## Instructions to follow
Only the lines from the one containing "పాటించు గురివెందబంతి యనఁగఁ" through the end of the material are to be echoed, each exactly as it appears.

## Exercise materials

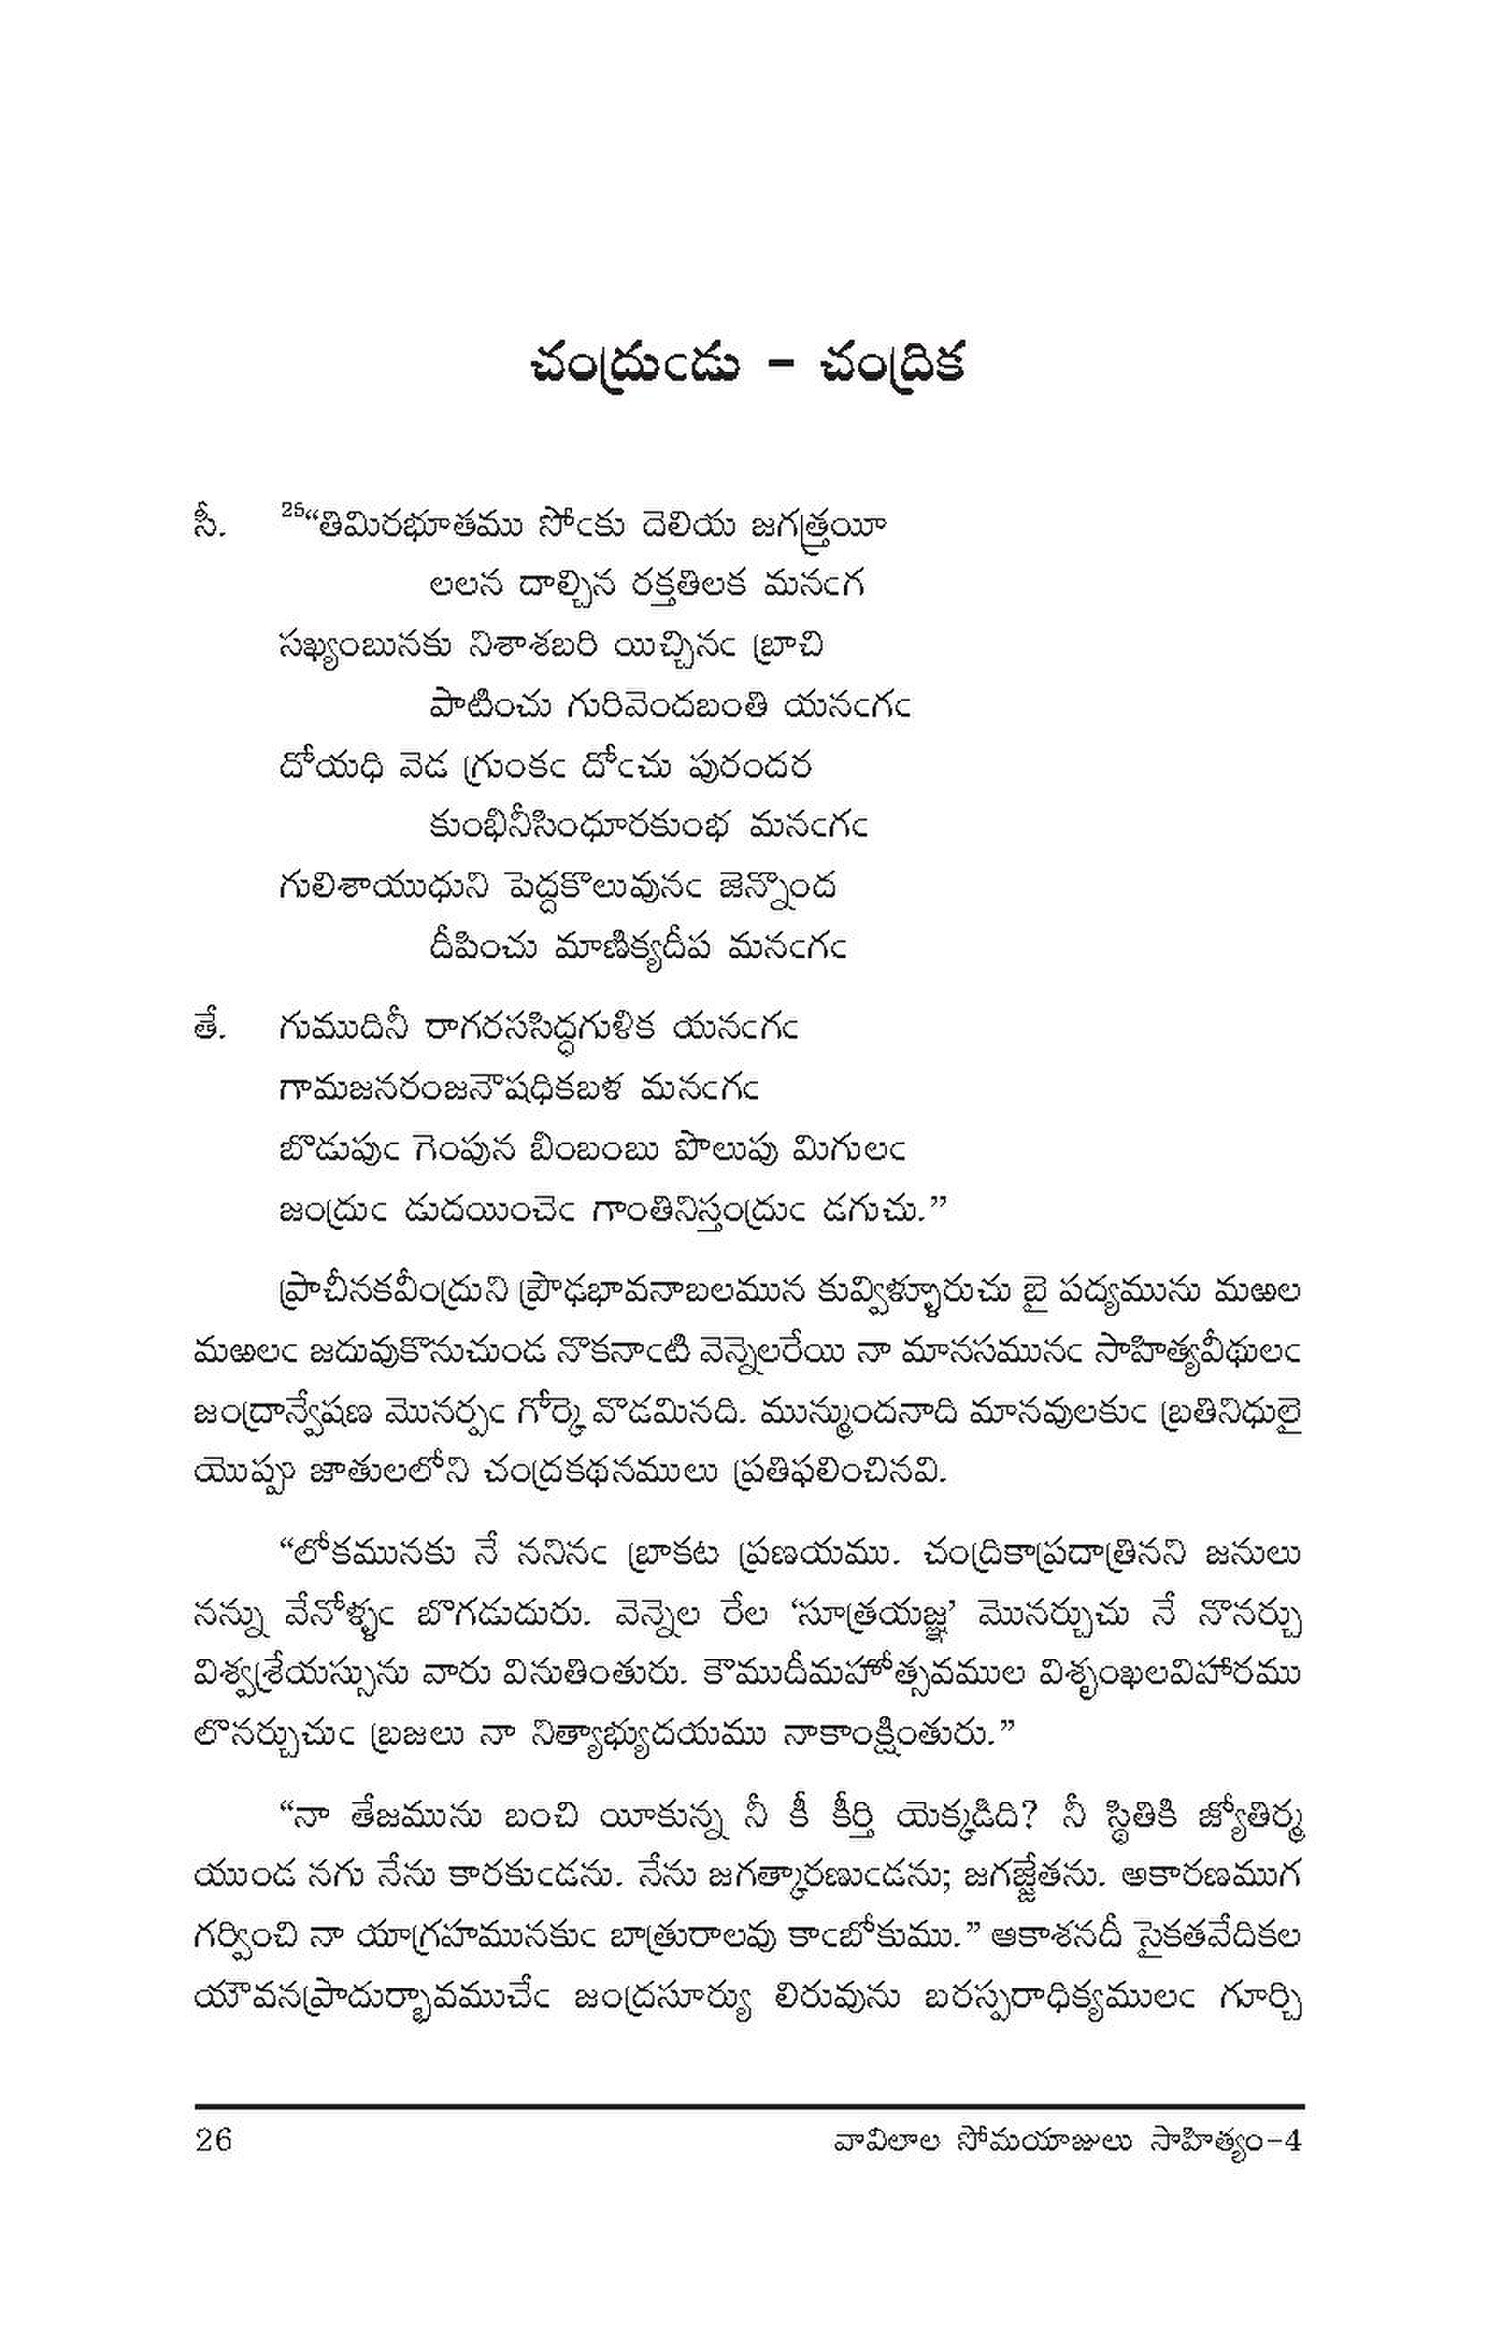సీ. "తిమిరభూతము సోఁకు దెలియ జగత్త్రయీ
 లలన దాల్చిన రక్తతిలక మనఁగ
 సఖ్యంబునకు నిశాశబరి యిచ్చినఁ బ్రాచి
 పాటించు గురివెందబంతి యనఁగఁ
 దోయధి వెడ గ్రుంకఁ దోఁచు పురందర
 కుంభినీసింధూరకుంభ మనఁగఁ
 గులిశాయుధుని పెద్దకొలువునఁ జెన్నొంద
 దీపించు మాణిక్యదీప మనఁగఁ

తే. గుముదినీ రాగరససిద్ధగుళిక యనఁగఁ
 గామజనరంజనౌషధికబళ మనఁగఁ
 బొడుపుఁ గెంపున బింబంబు పొలుపు మిగులఁ
 జంద్రుఁ డుదయించెఁ గాంతినిస్తంద్రుఁ డగుచు.”

ప్రాచీనకవీంద్రుని ప్రౌఢభావనాబలమున కువ్విళ్ళూరుచు బై పద్యమును మఱల
మఱలఁ జదువుకొనుచుండ నొకనాఁటి వెన్నెలరేయి నా మానసమునఁ సాహిత్యవీథులఁ
జంద్రాన్వేషణ మొనర్పఁ గోర్కె వొడమినది. మున్ముందనాది మానవులకుఁ బ్రతినిధులై
యొప్పు జాతులలోని చంద్రకథనములు ప్రతిఫలించినవి.

"లోకమునకు నే ననినఁ బ్రాకట ప్రణయము. చంద్రికాప్రదాత్రినని జనులు
నన్ను వేనోళ్ళఁ బొగడుదురు. వెన్నెల రేల 'సూత్రయజ్ఞ' మొనర్చుచు నే నొనర్చు
విశ్వశ్రేయస్సును వారు వినుతింతురు. కౌముదీమహోత్సవముల విశృంఖలవిహారము
లొనర్చుచుఁ బ్రజలు నా నిత్యాభ్యుదయము నాకాంక్షింతురు.”

"నా తేజమును బంచి యీకున్న నీ కీ కీర్తి యెక్కడిది? నీ స్థితికి జ్యోతిర్మ
యుండ నగు నేను కారకుఁడను. నేను జగత్కారణుఁడను; జగజ్జెతను. అకారణముగ
గర్వించి నా యాగ్రహమునకుఁ బాత్రురాలవు కాఁబోకుము.” ఆకాశనదీ సైకతవేదికల
యౌవనప్రాదుర్భావముచేఁ జంద్రసూర్యు లిరువును బరస్పరాధిక్యములఁ గూర్చి

## Result
 పాటించు గురివెందబంతి యనఁగఁ
 దోయధి వెడ గ్రుంకఁ దోఁచు పురందర
 కుంభినీసింధూరకుంభ మనఁగఁ
 గులిశాయుధుని పెద్దకొలువునఁ జెన్నొంద
 దీపించు మాణిక్యదీప మనఁగఁ

తే. గుముదినీ రాగరససిద్ధగుళిక యనఁగఁ
 గామజనరంజనౌషధికబళ మనఁగఁ
 బొడుపుఁ గెంపున బింబంబు పొలుపు మిగులఁ
 జంద్రుఁ డుదయించెఁ గాంతినిస్తంద్రుఁ డగుచు.”

ప్రాచీనకవీంద్రుని ప్రౌఢభావనాబలమున కువ్విళ్ళూరుచు బై పద్యమును మఱల
మఱలఁ జదువుకొనుచుండ నొకనాఁటి వెన్నెలరేయి నా మానసమునఁ సాహిత్యవీథులఁ
జంద్రాన్వేషణ మొనర్పఁ గోర్కె వొడమినది. మున్ముందనాది మానవులకుఁ బ్రతినిధులై
యొప్పు జాతులలోని చంద్రకథనములు ప్రతిఫలించినవి.

"లోకమునకు నే ననినఁ బ్రాకట ప్రణయము. చంద్రికాప్రదాత్రినని జనులు
నన్ను వేనోళ్ళఁ బొగడుదురు. వెన్నెల రేల 'సూత్రయజ్ఞ' మొనర్చుచు నే నొనర్చు
విశ్వశ్రేయస్సును వారు వినుతింతురు. కౌముదీమహోత్సవముల విశృంఖలవిహారము
లొనర్చుచుఁ బ్రజలు నా నిత్యాభ్యుదయము నాకాంక్షింతురు.”

"నా తేజమును బంచి యీకున్న నీ కీ కీర్తి యెక్కడిది? నీ స్థితికి జ్యోతిర్మ
యుండ నగు నేను కారకుఁడను. నేను జగత్కారణుఁడను; జగజ్జెతను. అకారణముగ
గర్వించి నా యాగ్రహమునకుఁ బాత్రురాలవు కాఁబోకుము.” ఆకాశనదీ సైకతవేదికల
యౌవనప్రాదుర్భావముచేఁ జంద్రసూర్యు లిరువును బరస్పరాధిక్యములఁ గూర్చి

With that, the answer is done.